EPSRC’s web site lives up to is arachnid tag, so you have to follow a lot of threads to land on details of these grants. Do so and you will find that the big one, a staggeringly precise £8,298,190, goes to the Manchester Business School and Professor Rod Coombs, a long time player in research into innovation, who even comes with the job title “Vice President (Innovation And Economic Development)”. The details of the grant tell us that among the things that Manchester gets up to is “joint horizon-scanning which focuses on helping researchers and users to explore technology/problem domains and develop novel strategies to solve them”.

Training, CPD as they put it, lapsing into the jargon that seems to be obligatory in such things, is also a part of the Manchester package. The details of the grant, which runs from 1 October to 30 September 2012, promise “Masterclasses on a given technology domain” that “will enable users to develop strategies to exploit it”.

Another big grant is the £5,749,200 for the University of Sheffield’s Knowledge Transfer Account. This time the Principal Investigator, a title that they use even when there isn’t much in the way of research going on to investigate things, is Professor Tony Ryan, who spent some years advising ICI, the now defunct chemicals, on what went on at the frontiers of chemistry research.

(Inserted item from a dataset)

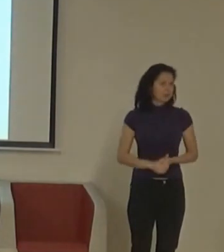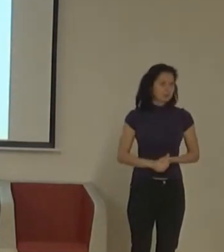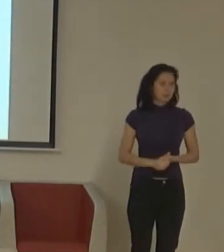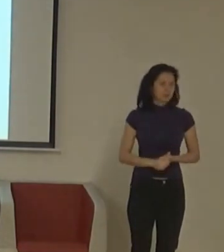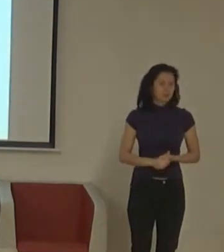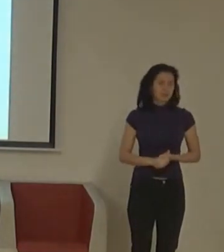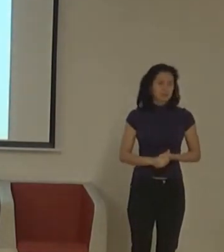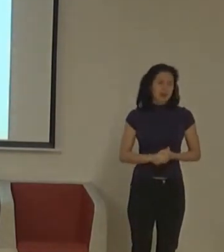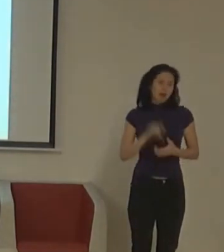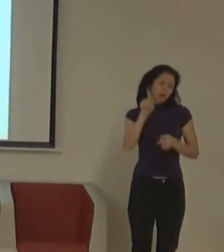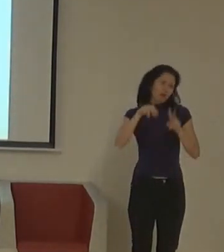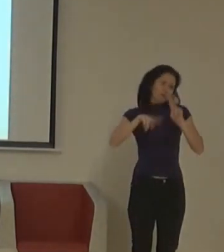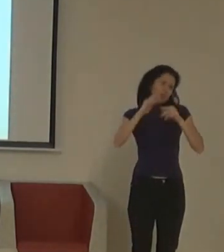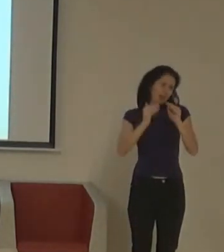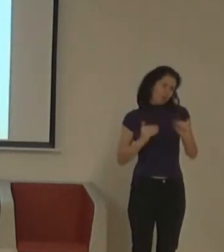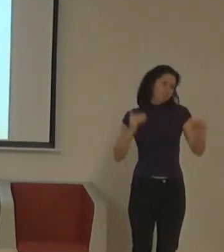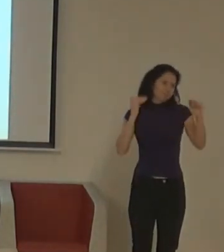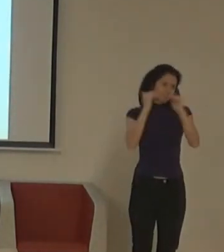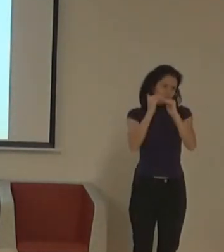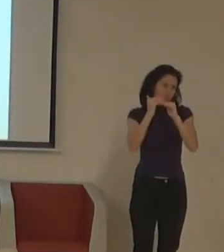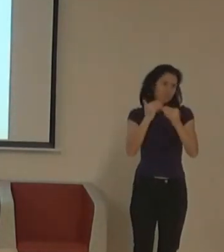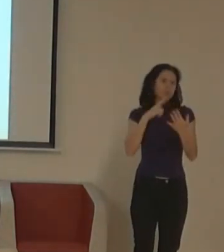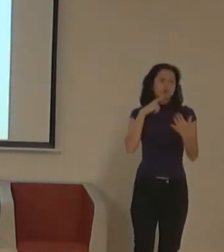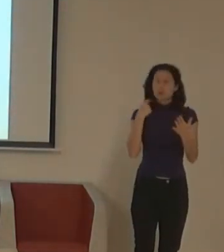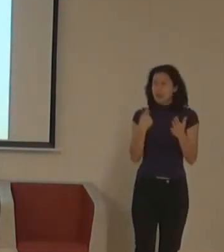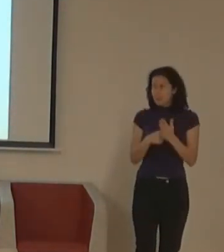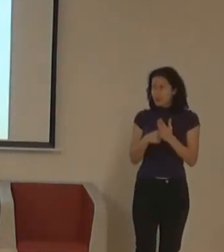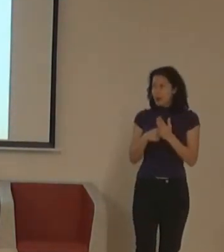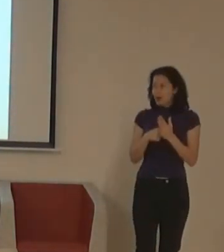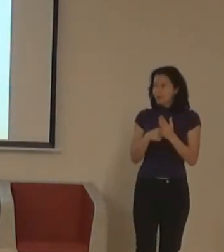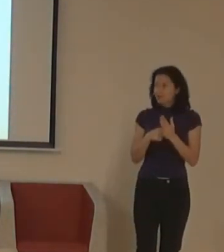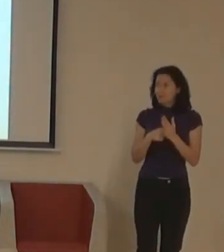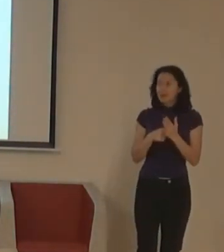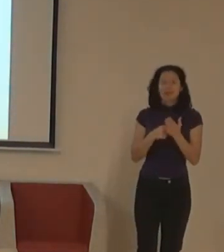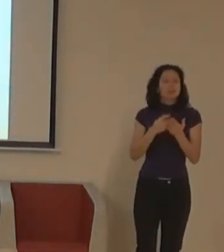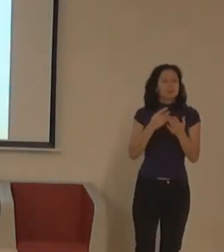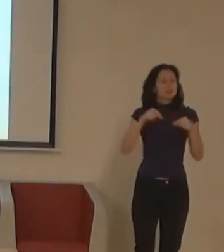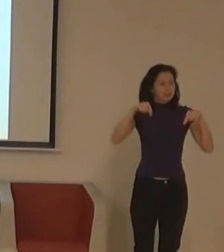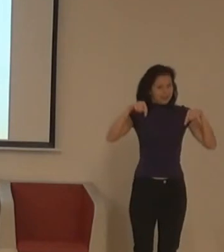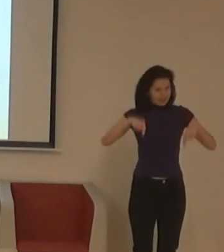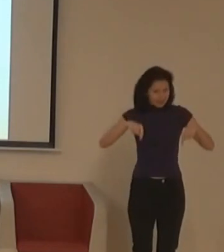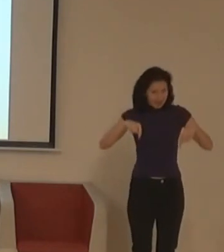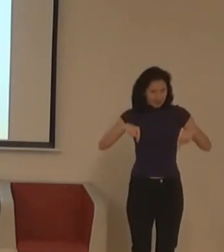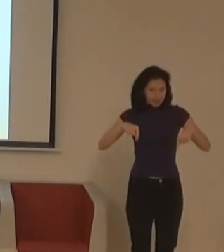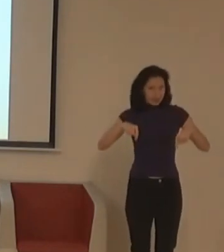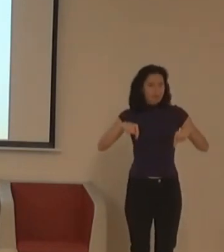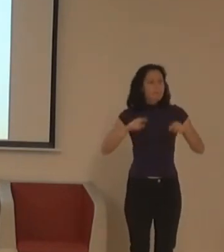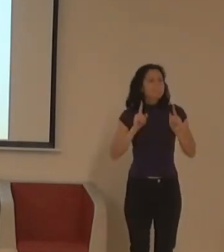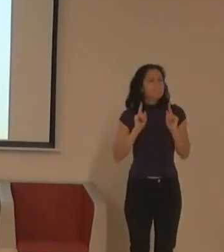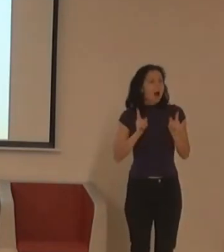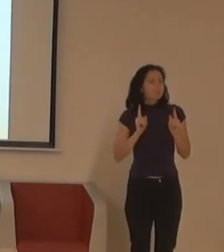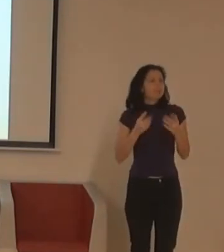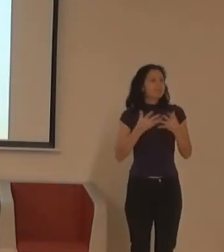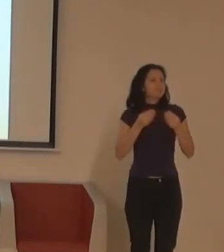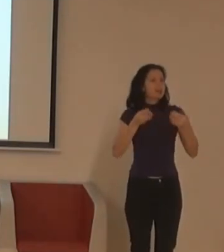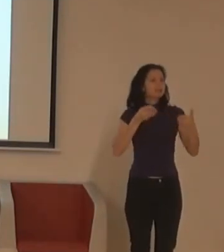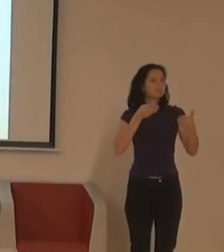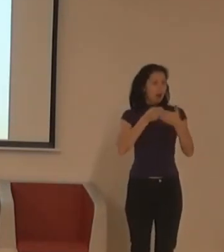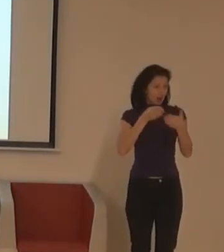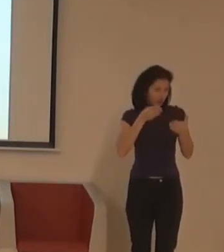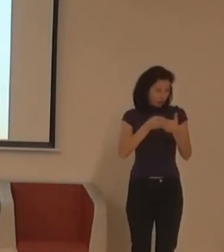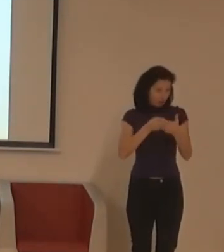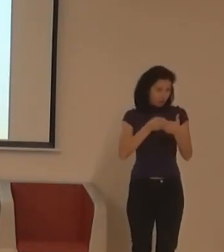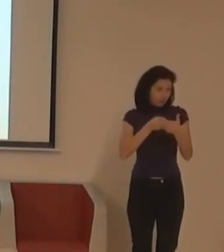Řešení pro jednoho rozčiřit pro ostatní. Když už tady dělám bez bariorej přístup, tak je super si uvědomit, že ho

A part of Sheffield’s plan is its Virtual Corporate Laboratory. It describes this as “an exemplar programme to fuel the product pipelines of corporate partners; working on collaborative programmes to convert University R into company focused D”.

There is stuff in Sheffield’s description about the group’s philosophy. For example, they write of their belief that “the point of contact between the academic researcher and the end user is critical to effective knowledge transfer”. You can say that again. It is good to see that some universities appreciate this simple fact of life.